= Kōichirō Tomita =

Japanese astronomer

Minor planets discovered: 9
| 2252 CERGA | 1 November 1978 |
| 3056 INAG | 1 November 1978 |
| 3765 Texereau | 16 September 1982 |
| 4051 Hatanaka | 1 November 1978 |
| 8788 Labeyrie | 1 November 1978 |
| 8986 Kineyayasuyo | 1 November 1978 |
| 11258 Aoyama | 1 November 1978 |
| (32738) 1978 VT_{1} | 1 November 1978 |
| (69234) 1978 VO_{2} | 1 November 1978 |

Kōichirō Tomita (冨田 弘一郎, Tomita Kōichirō) was a Japanese astronomer, discoverer of minor planets and comets.

The fireball passed over west Japan and was recorded by photos and a sketch. Kōichirō Tomita identified that it was the Kosmos 133 spacecraft (30 November 1966).
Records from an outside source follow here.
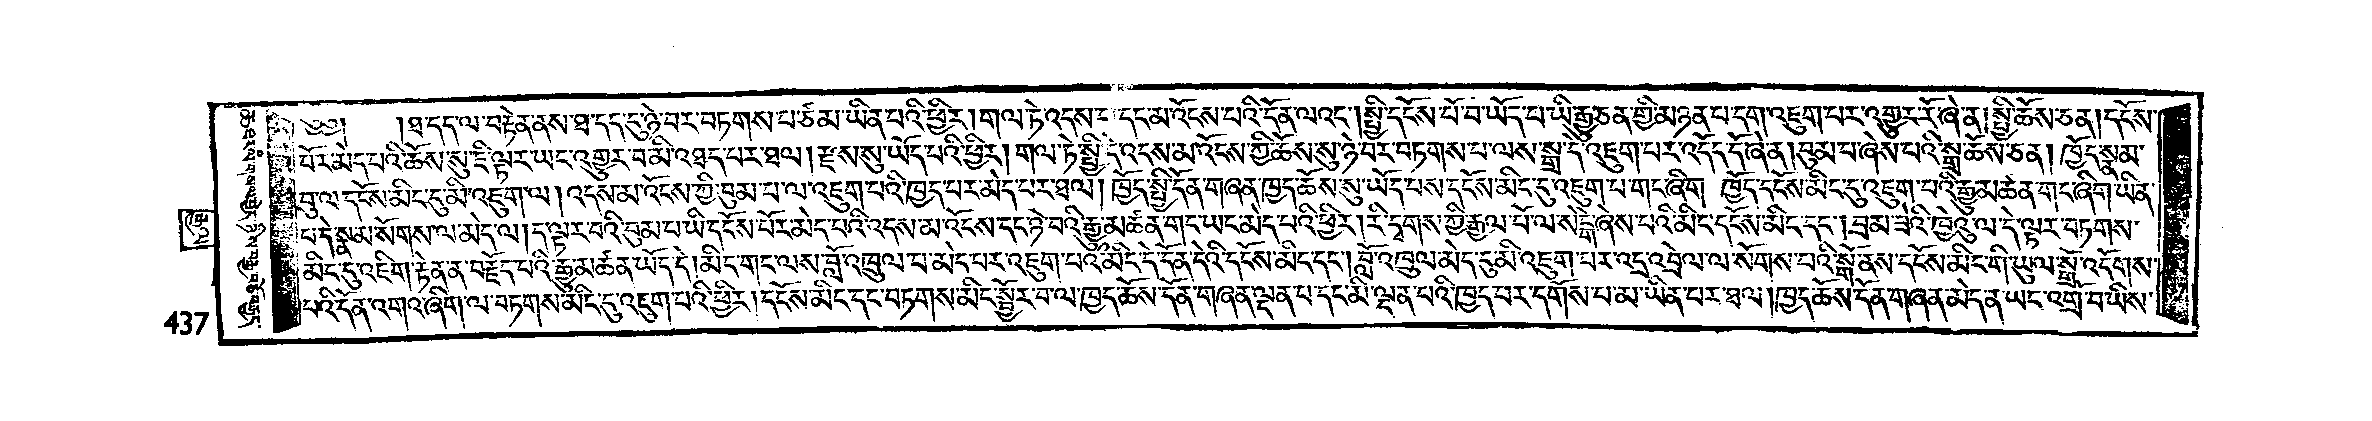༄༅། །ཐ་དད་ལ་བརྟེན་ནས་ཐ་དད་དུ་ཉེ་བར་བཏགས་པ་ཙམ་ཡིན་པའི་ཕྱིར། གལ་ཏེ་འདས་པ་དང་མ་འོངས་པའི་དོན་ལའང་། སྤྱི་དངོས་པོ་བ་ཡོད་པ་ཡི་རྒྱུ་ཅན་གྱི་མཉན་པ་དག་འཇུག་པར་འགྱུར་རོ་ཞེ་ན། སྤྱི་ཆོས་ཅན། དངོས་
པོར་མེད་པའི་ཆོས་སུ་ཇི་ལྟར་ཡང་འགྱུར་བ་མི་འཐད་པར་ཐལ། རྫས་སུ་ཡོད་པའི་ཕྱིར། གལ་ཏེ་སྤྱི་དེ་འདས་མ་འོངས་ཀྱི་ཆོས་སུ་ཉེ་བར་བཏགས་པ་ལས་སྒྲ་དེ་འཇུག་པར་འདོད་དོ་ཞེ་ན། བུམ་པ་ཞེས་པའི་སྒྲ་ཆོས་ཅན། ཁྱོད་སྣམ་
བུ་ལ་དངོས་མིང་དུ་མི་འཇུག་ལ། འདས་མ་འོངས་ཀྱི་བུམ་པ་ལ་འཇུག་པའི་ཁྱད་པར་མེད་པར་ཐལ། ཁྱོད་སྤྱི་དོན་གཞན་ཁྱད་ཆོས་སུ་ཡོད་པས་དངོས་མིང་དུ་འཇུག་པ་གང་ཞིག་ཁྱོད་དངོས་མིང་དུ་འཇུག་པའི་རྒྱུ་མཚན་གང་ཞིག་ཡིན་
པ་དེ་སྣམ་སོགས་ལ་མེད་ལ། ད་ལྟར་བའི་བུམ་པ་ཡི་དངོས་པོར་མེད་པའི་འདས་མ་འོངས་དང་ཉེ་བའི་རྒྱུ་མཚན་གང་ཡང་མེད་པའི་ཕྱིར། རི་དྭགས་ཀྱི་རྒྱལ་པོ་ལ་སེངྒེ་ཞེས་པའི་མིང་དངོས་མིང་དང་། བྲམ་ཟེའི་ཁྱེའུ་ལ་དེ་ལྟར་བཏགས་
མིང་དུ་འཇིག་རྟེན་ན་བརྗོད་པའི་རྒྱུ་མཚན་ཡོད་དེ། མིང་གང་ལས་བློ་འཁྲུལ་པ་མེད་པར་འཇུག་པའི་མིང་དེ་དོན་དེའི་དངོས་མིང་དང་། བློ་འཁྲུལ་མེད་དུ་མི་འཇུག་པར་འདྲ་འབྲེལ་ལ་སོགས་པའི་སྒོ་ནས་དངོས་མིང་གི་ཡུལ་སྒྲོ་འདོགས་
པའི་དོན་འགའ་ཞིག་ལ་བཏགས་མིང་དུ་འཇུག་པའི་ཕྱིར། དངོས་མིང་དང་བཏགས་མིང་སྦྱོར་བ་ལ་ཁྱད་ཆོས་དོན་གཞན་ལྡན་པ་དང་མི་ལྡན་པའི་ཁྱད་པར་དགོས་པ་མ་ཡིན་པར་ཐལ། ཁྱད་ཆོས་དོན་གཞན་མེད་ན་ཡང་འགྲོ་བ་ཡིས་

He is credited by the Minor Planet Center with the discovery of 9 numbered minor planets during 1978–1982, such as 2252 CERGA, 3056 INAG, 3765 Texereau, 4051 Hatanaka.

He is the author of at least one astronomy book (in Japanese) about comets (which was translated and published in Russian in 1982).

The Nysa asteroid 2391 Tomita is named after him.